**Input material**
******

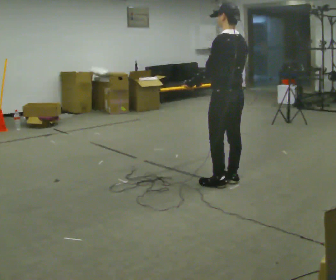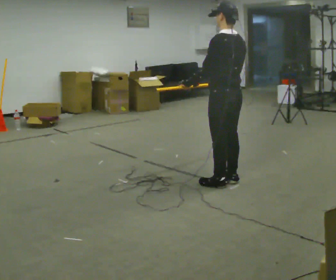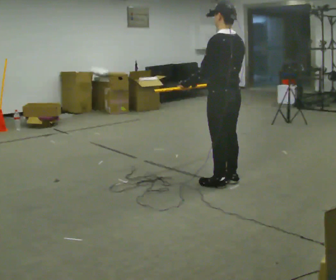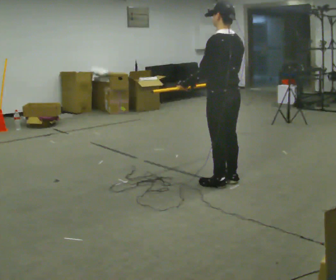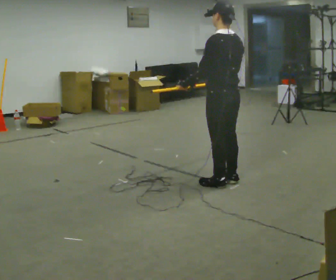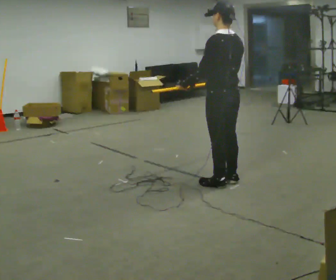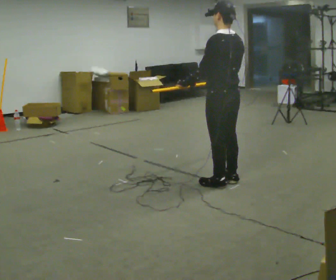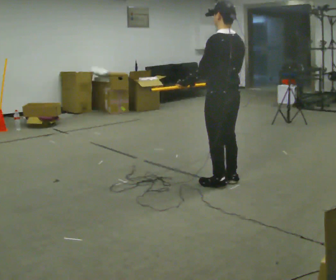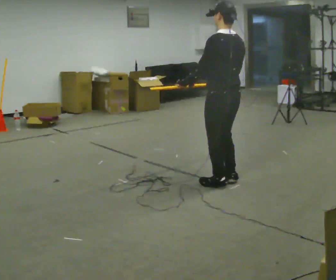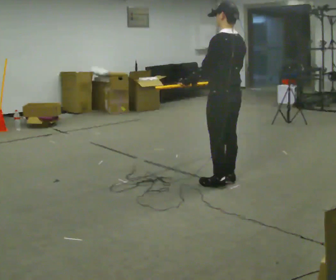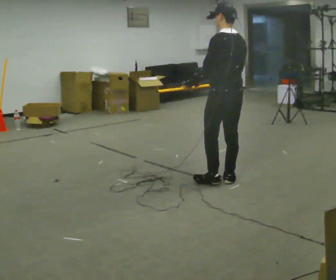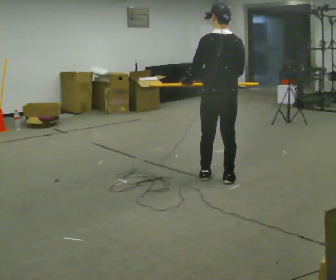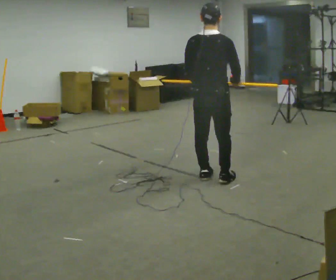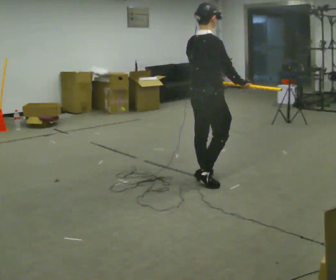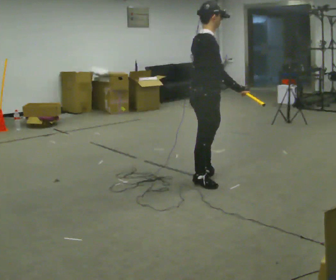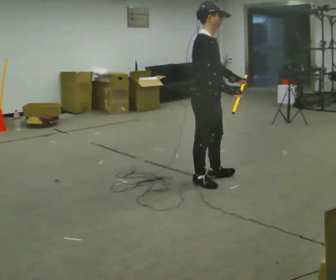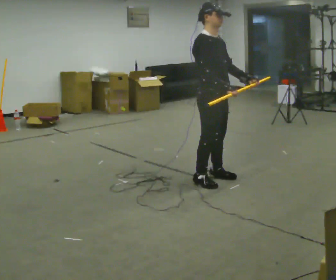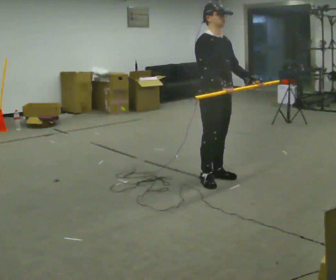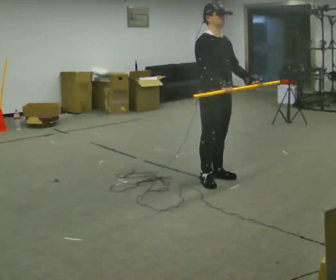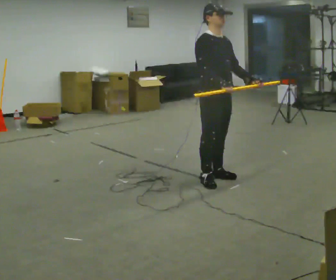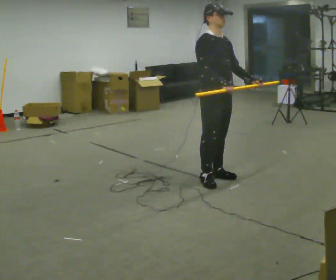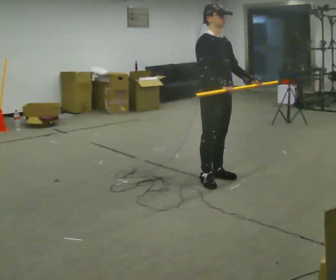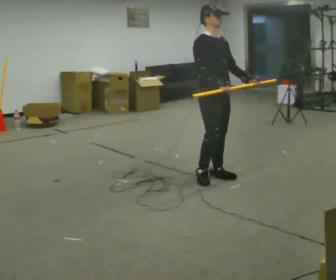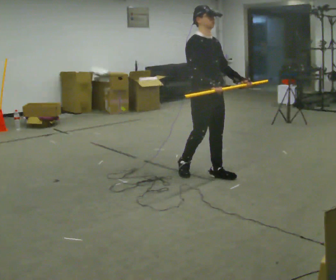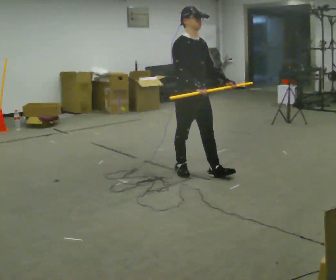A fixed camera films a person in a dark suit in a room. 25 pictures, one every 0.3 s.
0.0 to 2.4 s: The person moves a little, or ends about where they began.
2.4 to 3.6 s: Seen from above the body turns clockwise, about 45 degrees: to their right, with its near side sliding to the left. In the picture they go away from the camera, about 0.25 m in 2 steps, which for them is forward.
3.6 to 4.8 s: The part of the body nearest the lens slides to the left as the person turns to their right by about 105 degrees. In the picture their left hand goes to the right, the arm swinging counterclockwise.
4.8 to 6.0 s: The person moves a little, or ends about where they began.
6.0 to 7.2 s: In the picture they go to the left and away from the camera, about 0.25 m in 1 step, which for them is backward.
The film runs backward here.

******

**Task statement**
Your job is to copy each entry exactly as written; the pictures do not go in.

**Response area**
A fixed camera films a person in a dark suit in a room. 25 pictures, one every 0.3 s.
0.0 to 2.4 s: The person moves a little, or ends about where they began.
2.4 to 3.6 s: Seen from above the body turns clockwise, about 45 degrees: to their right, with its near side sliding to the left. In the picture they go away from the camera, about 0.25 m in 2 steps, which for them is forward.
3.6 to 4.8 s: The part of the body nearest the lens slides to the left as the person turns to their right by about 105 degrees. In the picture their left hand goes to the right, the arm swinging counterclockwise.
4.8 to 6.0 s: The person moves a little, or ends about where they began.
6.0 to 7.2 s: In the picture they go to the left and away from the camera, about 0.25 m in 1 step, which for them is backward.
The film runs backward here.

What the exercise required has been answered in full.